__Task data__
____________

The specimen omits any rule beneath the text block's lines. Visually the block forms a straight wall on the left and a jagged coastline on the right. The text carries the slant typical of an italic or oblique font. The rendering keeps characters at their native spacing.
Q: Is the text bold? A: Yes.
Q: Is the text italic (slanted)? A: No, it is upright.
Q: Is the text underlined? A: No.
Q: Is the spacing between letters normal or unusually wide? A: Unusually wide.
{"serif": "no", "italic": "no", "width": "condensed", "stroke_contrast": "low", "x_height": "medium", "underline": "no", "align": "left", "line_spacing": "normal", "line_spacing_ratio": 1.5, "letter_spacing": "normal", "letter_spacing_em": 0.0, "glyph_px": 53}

____________

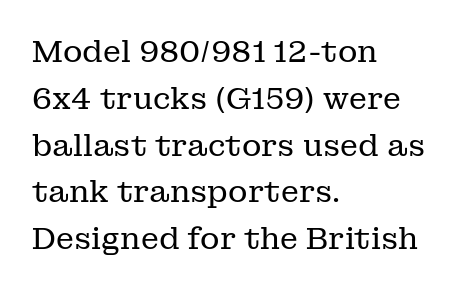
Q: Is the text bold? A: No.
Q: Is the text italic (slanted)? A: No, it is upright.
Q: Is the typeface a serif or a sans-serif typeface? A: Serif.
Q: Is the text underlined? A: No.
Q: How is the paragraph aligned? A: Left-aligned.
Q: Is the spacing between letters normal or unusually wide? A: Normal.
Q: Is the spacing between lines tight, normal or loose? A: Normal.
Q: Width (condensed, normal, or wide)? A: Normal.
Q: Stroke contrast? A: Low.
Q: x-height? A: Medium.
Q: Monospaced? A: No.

____________

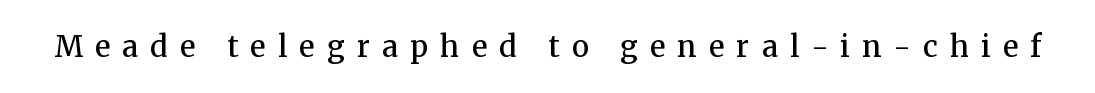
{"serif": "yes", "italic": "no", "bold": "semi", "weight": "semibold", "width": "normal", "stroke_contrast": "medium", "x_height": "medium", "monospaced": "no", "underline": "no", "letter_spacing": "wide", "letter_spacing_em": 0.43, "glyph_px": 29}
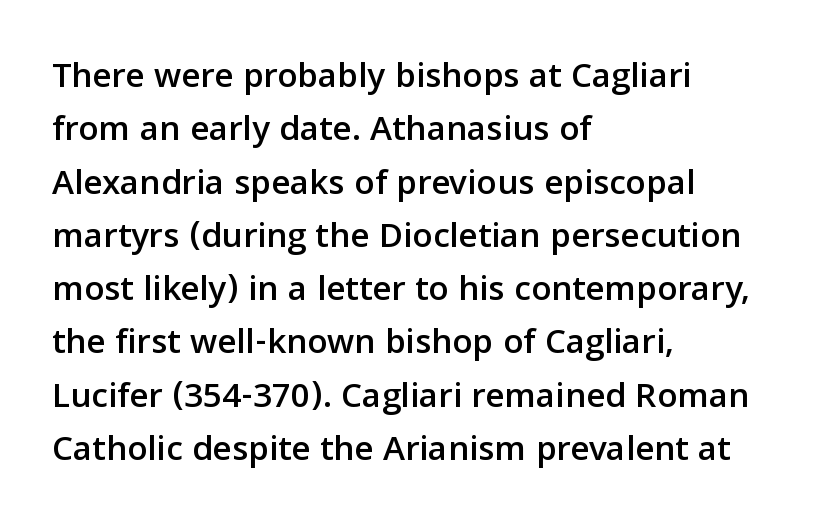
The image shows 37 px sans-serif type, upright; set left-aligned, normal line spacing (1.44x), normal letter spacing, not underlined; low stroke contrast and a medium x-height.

____________

__Your objective__
All lines in the data above from the one with "The specimen omits" through the one with "Q: Is the text bold? A: Yes." must be repeated exactly, and no others.

__Your response__
The specimen omits any rule beneath the text block's lines. Visually the block forms a straight wall on the left and a jagged coastline on the right. The text carries the slant typical of an italic or oblique font. The rendering keeps characters at their native spacing.
Q: Is the text bold? A: Yes.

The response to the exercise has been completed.